How DeepSeek Did It: Researchers describe training methods and hardware choices for DeepSeek’s V3 and R1 models
DeepSeek made headlines late last year, when it built a state-of-the-art, open-weights large language model at a cost far lower than usual. The upstart developer shared new details about its method.
What’s new: Chenggang Zhao and colleagues at DeepSeek described software and hardware choices that reduced memory and processing requirements while building their groundbreaking mixture-of-experts models DeepSeek-R1 and DeepSeek-V3.
Mixture of experts (MoE) basics: The MoE architecture uses different subsets of a model’s parameters to process different inputs. Each MoE layer contains a group of neural networks, or experts, preceded by a routing module that learns to choose which one(s) to use based on the training example. In this way, different experts learn to specialize in different types of input.
How it works: The authors trained DeepSeek-R1 and DeepSeek-V3 using a cluster of 2,048 Nvidia H800 GPUs composed of nodes that contained 8 GPUs each. MoE requires less memory than dense architectures, since a given input activates only a portion of a model’s parameters. This enabled the authors to train DeepSeek-V3 on 250 GFLOPs per token, while Qwen 2.5 72B required 394 GFLOPs per token and Llama 3.1 405B required 2,448 GFLOPs per token.
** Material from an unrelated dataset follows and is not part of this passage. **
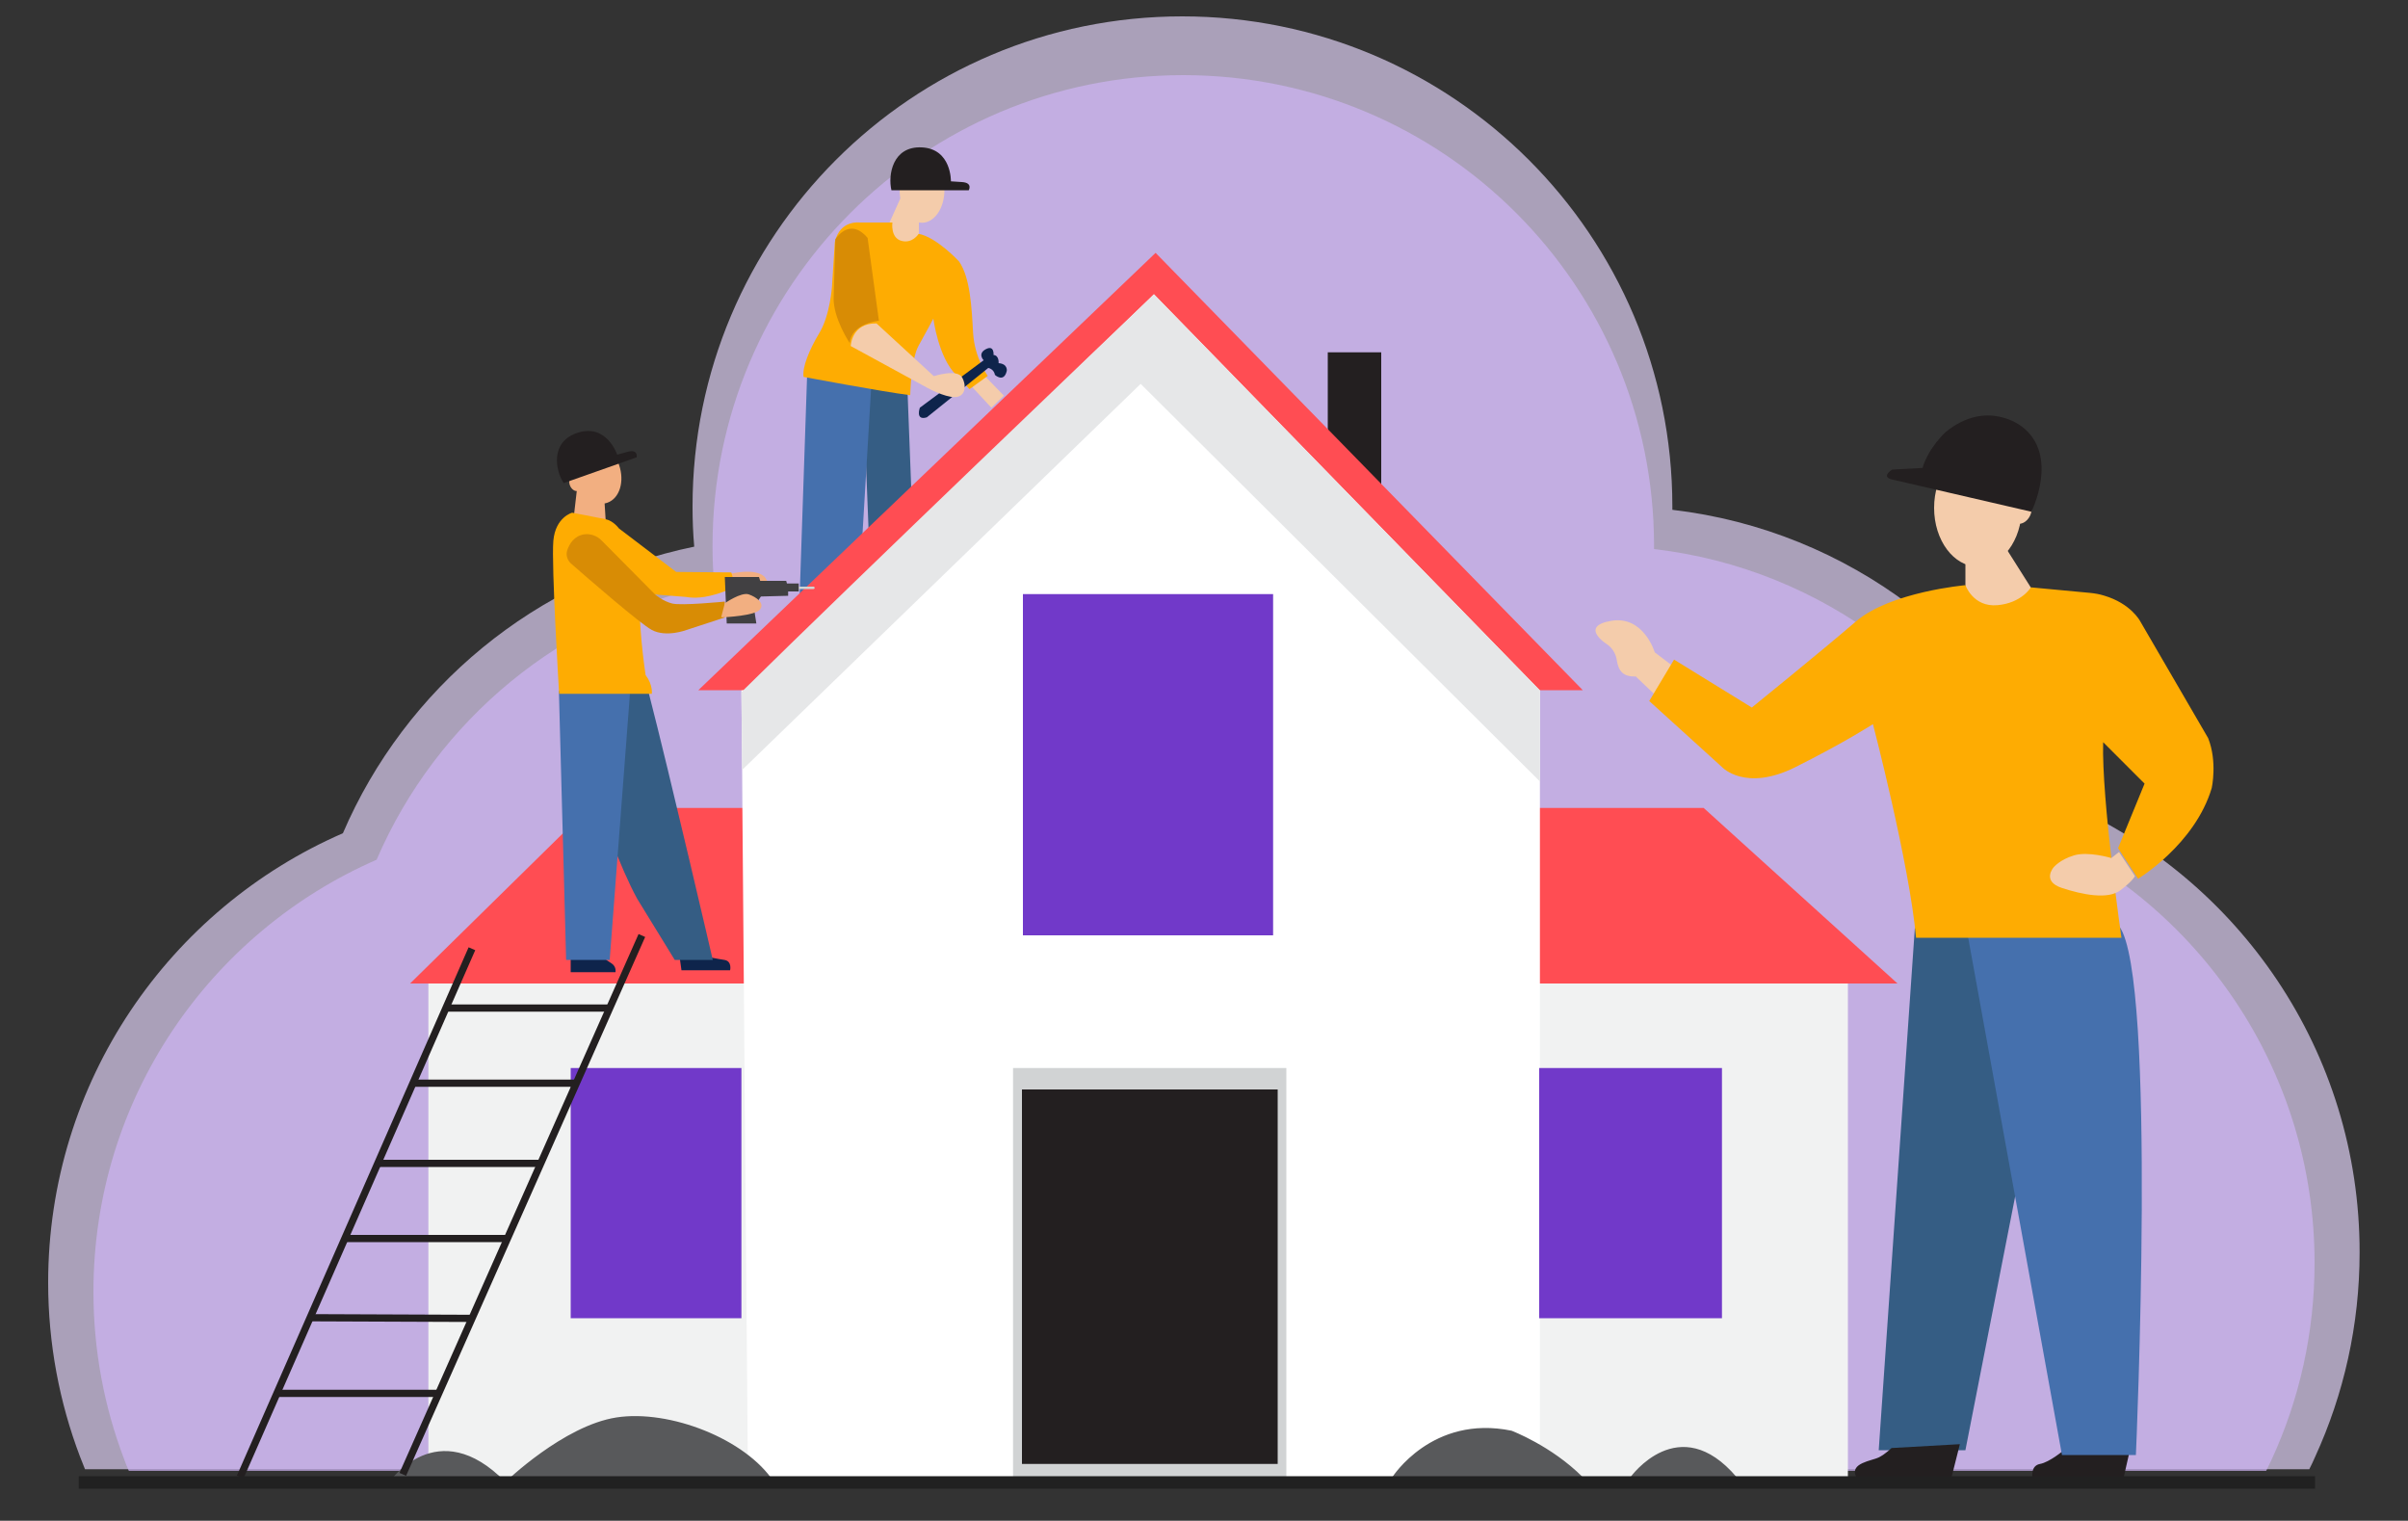 <svg version="1.1" id="Layer_1" xmlns="http://www.w3.org/2000/svg" x="0" y="0" viewBox="0 0 1000 631.5" style="enable-background:new 0 0 1000 631.5" xml:space="preserve"><rect x="0" y="0" width="1000" height="631.5" fill="#333333" stroke="none"/><style>.st2{fill:#355d84}.st3{fill:#f4ccab}.st4{fill:#231f20}.st5{fill:#4570ad}.st6{fill:#feac02}.st7{fill:#d88c05}.st8{fill:#0e244b}.st10{fill:#ff4d53}.st12{fill:#7139c9}.st13{fill:#d1d3d4}.st14{fill:#58595b}.st16{fill:#f2af81}</style><path d="M857.7 333.5C829.5 268 768 220.3 694.5 211.7v-1.4C694.5 97.9 603.4 6.8 491 6.8S287.6 97.9 287.6 210.3c0 5.6.2 11.2.7 16.7-65.8 13.5-120 58.7-145.9 119C70.4 377.3 20 449.1 20 532.6c0 25.4 4.7 49.8 13.2 72.2.7 1.8 1.4 3.5 2.1 5.3h206.6c.3.1.5.3.8.4h168.9c-.3.8-.7 1.7-1 2.5 1.8-.8 3.7-1.6 5.5-2.5.3-.1.5-.2.8-.4 3.5-1.6 6.9-3.4 10.3-5.3 31.8-17.4 58.5-43.1 77-74.2 21.4 30.5 50.9 54.8 85.4 69.8.6 1.5 1.3 3 2 4.4.8 1.8 1.6 3.5 2.5 5.3h23c.5.1.9.3 1.4.4H723c.5-.1.9-.2 1.4-.4H959c.9-1.7 1.7-3.5 2.5-5.3 11.8-25.8 18.4-54.5 18.4-84.7.1-83.5-50.3-155.3-122.2-186.6z" style="opacity:.68;fill:#e3d4f9"/><path d="M843.7 345c-27.1-62.9-86.2-108.8-156.8-117v-1.3c0-108-87.5-195.5-195.5-195.5s-195.5 87.5-195.5 195.5c0 5.4.2 10.7.7 16-63.2 13-115.3 56.4-140.2 114.3-69.2 30.2-117.6 99.1-117.6 179.4 0 24.4 4.5 47.8 12.7 69.4.6 1.7 1.3 3.4 2 5H252c.2.1.5.2.7.4H415c-.3.8-.7 1.6-1 2.4 1.8-.8 3.5-1.6 5.3-2.4.3-.1.5-.2.7-.4 3.3-1.6 6.6-3.3 9.9-5 30.6-16.8 56.2-41.5 74-71.3 20.6 29.3 48.9 52.6 82.1 67.1.6 1.4 1.2 2.8 1.9 4.2.8 1.7 1.6 3.4 2.4 5h22.1c.4.1.9.2 1.3.4h100.6c.4-.1.9-.2 1.3-.4h225.5c.8-1.7 1.6-3.4 2.4-5 11.4-24.8 17.7-52.4 17.7-81.4 0-80.3-48.4-149.3-117.5-179.4z" style="opacity:.68;fill:#cfb5f6"/><path class="st2" d="m376.9 163 2.4 62.7-18.2 4.4-2.8-71.1z"/><ellipse class="st3" cx="382.9" cy="79" rx="9.3" ry="13.5"/><path class="st4" d="M370.2 79h32.1s1.8-3.1-2.8-3.4l-4.6-.3s.3-13.5-12.1-14.1c-12.2-.6-14.1 11.6-12.6 17.8z"/><path class="st3" d="m373.9 82.4-6.7 14.9s0 10.7 11.6 9.5l2.8-7.3v-9.8l-7.7-7.3zM403.9 160.9l7.8 8.4 5.2-5-10-10.3z"/><path class="st5" d="m335.2 155.2-3.5 103.7 25.9-27.4 4.2-70.9z"/><path class="st6" d="M370.6 92.4h-13.5s-8.3-1.2-10.4 8.1l-1.2 18.6s-.8 11.8-5.2 19.1c-4.4 7.3-7.2 14.5-6.6 18.3 0 0 33.5 6.3 44.3 7.6 0 0 .3-15 3.5-20.6 3.2-5.7 6.1-11.2 6.1-11.2s2.1 16.4 9.6 23.5l5.4 5.8 7.6-5.5s-5.5-7.3-6.1-18c-.6-10.7-1.2-22.8-5.8-29.5 0 0-9.3-10.1-16.8-11.5 0 0-2.6 4.2-7.2 2.9s-3.7-7.6-3.7-7.6z"/><path class="st7" d="m360.3 98.8 4.7 34.4s-11.6 1.1-12.1 9.3c0 0-7-10.4-6.7-19s.7-24.1.7-24.1 5.8-9.6 13.4-.6z"/><path class="st8" d="M382 169.3s-2 5.5 2.9 4l25.5-20.5s2.3.3 2.8 2.9c0 0 3.7 3.4 4.9-1.7 0 0 .5-2.9-3.4-3.2 0 0 .3-3.2-2.1-3.4 0 0 .4-4.3-3.2-2.4s-.9 4.6-.9 4.6L382 169.3z"/><path class="st3" d="m364 134.3 23.8 21.9s9.8-3.2 11.8.6 1.1 8.1-3.2 8.1c-4.3 0-11.2-3.8-11.2-3.8l-31.9-17.4c0-.1.3-9.6 10.7-9.4z"/><g><ellipse class="st3" cx="821.4" cy="210.9" rx="18.2" ry="24.4"/><ellipse transform="rotate(-63.327 839.642 212.526)" class="st3" cx="839.6" cy="212.5" rx="5.2" ry="3.8"/><path class="st3" d="M816.2 229.9v26.8s25.5 15.8 29.6-8.9L831 224.4l-14.8 5.5zM695.9 277.5l-8.7-6.6s-4.6-15.4-18.1-13.1c-13.5 2.3-1.8 9.7-1.8 9.7s3.4 2 4.1 6.5c.7 4.6 2.6 7.1 7.9 6.9l8.4 8 8.2-11.4z"/><path class="st4" d="m785.7 199.1 57.9 13.4s11.8-23.5-4-35.4c0 0-14.4-11.7-31.6 2.3 0 0-7.1 6.4-9.6 14.9l-12.6.7c-.1 0-4.8 3-.1 4.1z"/><path class="st2" d="m795.2 385.4-15 216.8h36l42.5-216.8z"/><path class="st4" d="M785.5 601.3s-2.5 2.5-5.3 3.9-12.2 2.3-9.4 8h39.7l3.4-13.5-28.4 1.6zM857.1 602.2s-6 5-9.9 5.7c-3.9.7-3.2 5.3-3.2 5.3h38l2.5-11h-27.4z"/><path class="st5" d="m816.2 383 40.1 221.2H887s8.8-198.6-6.9-219.5l-63.9-1.7z"/><path class="st6" d="M816.2 243s-31 2.7-45.4 15c-14.4 12.4-43.3 35.8-43.3 35.8l-32.3-19.9-10.3 17.2 30.3 27.5s9.6 10.3 30.3 0c20.6-10.3 32.3-17.9 32.3-17.9s15.1 57.8 17.9 88.7H881s-8.3-57.8-7.6-81.2l17.2 17.2-11 26.8 8.3 12.7s23.6-14.2 30.6-37.7c0 0 2.4-10.9-1.5-20.7L888.8 258s-3.8-7.4-15.1-10.7c-1.9-.6-3.8-.9-5.7-1.1l-24.6-2.3s-3.8 6.5-13.9 7.4c-10.1.9-13.3-8.3-13.3-8.3z"/><path class="st3" d="m880 353.8-3.2 2.5s-9.6-2.9-15.5-1.1c-6 1.8-8.5 5-8.5 5s-5 5.7 3.4 8.5c8.5 2.8 19.3 5 24.5.9 5.3-4.1 5.9-5.8 5.9-5.8l-6.6-10z"/></g><g><path class="st4" d="M551.4 146.3h22.2v72.8h-22.2z"/><path style="fill:#f1f2f2" d="M177.9 408.4h589.5v205H177.9z"/><path class="st10" d="M170.3 408.4H788l-80.5-72.9h-463l-74.2 72.9z"/><path style="fill:#fff" d="M639.5 281.8v331.6H310.6l-1.7-205-.6-72.9-.1-15.8-.3-32.3v-4.2l171.9-168.5z"/><path class="st10" d="M290 286.6h19.3l169.9-164.4 160.2 164.4h17.9L479.9 105z"/><path class="st12" d="M424.8 246.7h103.9v141.7H424.8z"/><path class="st13" d="M420.7 443.5h113.5v169.9H420.7z"/><path class="st4" d="M424.4 452.4h106.2v155.5H424.4z"/><path class="st12" d="M237 443.5h70.9v103.9H237zM639.2 443.5h75.9v103.9h-75.9z"/><path class="st14" d="M161.7 615.4s19.9-28.9 48.2 0c0 0 24.1-23.4 46.1-26.8 22-3.4 53.7 8.9 65.4 26.8-.1 0-158.3-4.8-159.7 0zM578.2 613.4s16.5-26.1 49.5-19.3c0 0 16.5 6.2 29.6 19.3h19.8s20.1-28.2 44.1 0h-143z"/><path d="M639.5 286.7v37.8L473.7 159.4 308.2 319.7l-.3-32.3.8-.8c46.7-46 155.3-149.9 169.1-163l.6-.6c.6-.5.8-.8.8-.8l160.3 164.5z" style="fill:#e6e7e8"/><path transform="rotate(-66.316 147.81 503.644)" class="st4" d="M28 502.2h239.6v3H28z"/><path transform="rotate(-66.072 216.946 500.317)" class="st4" d="M94.5 498.8h244.8v3H94.5z"/><path class="st4" d="M185.1 417.1h68.1v3h-68.1zM171.5 448.3h67.9v3h-67.9zM156.9 481.6h67.8v3h-67.8zM143.2 512.8h67.6v3h-67.6z"/><path transform="matrix(.004 -1 1 .004 -385.868 707.434)" class="st4" d="M160.8 513.8h3v67.3h-3z"/><path class="st4" d="M115 577.1h67.3v3H115z"/></g><g><path class="st16" d="M302.8 238.4s10.7-2.9 14.8 1.2l1.7 2.7-14.8.9-1.7-4.8z"/><ellipse transform="rotate(-19.451 247.84 196.186)" class="st16" cx="247.8" cy="196.2" rx="9.8" ry="13.3"/><ellipse transform="rotate(-19.451 239.019 200.623)" class="st16" cx="239" cy="200.6" rx="2.5" ry="3.4"/><path class="st4" d="m234.1 200.6 30.3-10.7s.7-3.5-3.7-2.3l-4.4 1.2s-4.2-12.8-16.1-9.2c-11.9 3.6-9.6 15.8-6.1 21z"/><path class="st16" d="m239.9 200.6-2.3 19.9h14.2l-.9-14.4z"/><path class="st8" d="m282.2 397.1.8 5.8h20.2s.9-3.8-2.4-4.3c-3.4-.5-8-1.5-8-1.5h-10.6zM237 397.1v6.6h18.6s.5-2.3-1.7-3.7-2.1-1.4-2.1-1.4l-1.1-1.5H237z"/><path class="st2" d="M233.6 286.9s16.8 60.3 31 86.3l15.6 25.4H296s-17.4-75.2-26.8-111.7h-35.6z"/><path class="st5" d="m232.1 286.9 3 111.7h18.1l8.4-110.5z"/><path class="st6" d="M237.6 212.9s-6.9 1.8-7.8 11.6c-.9 9.8 2.4 63.6 2.4 63.6h38.5s.5-3.7-2.6-7.8c0 0-3.8-25.1-1.8-33.9l18.8 1.5s4 .9 9.8-.5c5.8-1.4 10.5-3.7 10.5-3.7l-1.7-6-22.9-.2-23.8-18.1s-2.2-3.1-5.5-3.8-13.9-2.7-13.9-2.7z"/><path class="st7" d="M235.6 228.4c.9-2.6 2.8-5.8 6.9-6.5 2.7-.4 5.5.6 7.4 2.6l22.2 22.4s3.1 2.7 7 3.7 21.9-.8 21.9-.8v6.6l-15.9 5.2s-8.4 3.2-14.4 0c-5-2.7-26.6-21.5-33.7-27.7-1.5-1.5-2.1-3.6-1.4-5.5z"/><path class="st13" d="M337.8 244.6h-6.1c-.3 0-.5-.2-.5-.5s.2-.5.5-.5h6.1c.3 0 .5.2.5.5s-.2.5-.5.5z"/><path style="fill:#414042" d="m301 239.6.8 19.3h12.3l-1.5-9.6h2.3l1.1-1.6 11.3-.3v-1.8h4.4v-3.3h-4.9l-.3-1.1h-10.8l-.5-1.6z"/><path class="st16" d="M301 250.5s6.7-4.7 9.9-3.7c3.2 1.1 6.8 3.7 4.7 6.3-2 2.6-14.7 3.2-14.7 3.2h-1.4l1.5-5.8z"/></g><path style="fill:#212121" d="M32.7 613h928.7v5.2H32.7z"/></svg>

- The authors built a mixed-precision training algorithm to reduce the memory requirements of training MoE models. They used FP8 (8-bit) numbers to perform computations including linear transformations and 16- or 32-bit precision to perform others such as computing embeddings. (They say DeepSeek-V3 was the first open LLM to have been trained using FP8.)
- The authors noticed that communication between GPUs inside a node was four times faster than communication between nodes. To ensure fast communication when routing tokens to experts, they limited the algorithm to process them within up to 4 nodes.
- To utilize GPUs more fully, they divided each GPU’s input data so the chip processes computation and communication at the same time. Specifically, the chip computes attention or MoE layers on one part of the data and simultaneously sends the other part of the data to other GPUs or aggregates it from other GPUs as necessary.
- To further save inference memory, the models use multi-head latent attention, which saves memory during execution relative to other variants of attention. The authors compared their implementation to the variant GQA used in Qwen 2.5 72B and Llama 3.1 405B. Their method (70 kilobytes per token) used far less memory than Qwen-2.5 (328 kilobytes per token) or Llama 3.1 (516 kilobytes per token).
Behind the news: DeepSeek-V3 made waves when it was released in December. It performed better than Llama 3.1 405B, the leading LLM at the time, but its training cost was an astonishing $5.6 million, compared to the usual tens to hundreds of millions of dollars. Some observers were skeptical of the reported cost, pointing out that the $5.6 million dollar figure doesn’t include salaries, data acquisition and annotation, processing failed training runs, and other research and development costs. In addition, the cost of training DeepSeek-R1 remains unknown.
Why it matters: Traditionally, only companies with large budgets and vast resources could afford to train state-of-the-art models. DeepSeek changed that but didn’t explain how when it released its models. By sharing the details, the company has empowered a wider range of teams to improve the state of the art.
We’re thinking: Shortly after DeepSeek-R1 was released, some engineers claimed — without presenting evidence — that DeepSeek had copied their work. DeepSeek’s disclosure of its training methods should lay to rest any remaining questions about this. Its work was truly innovative, and we applaud its release of key technical details.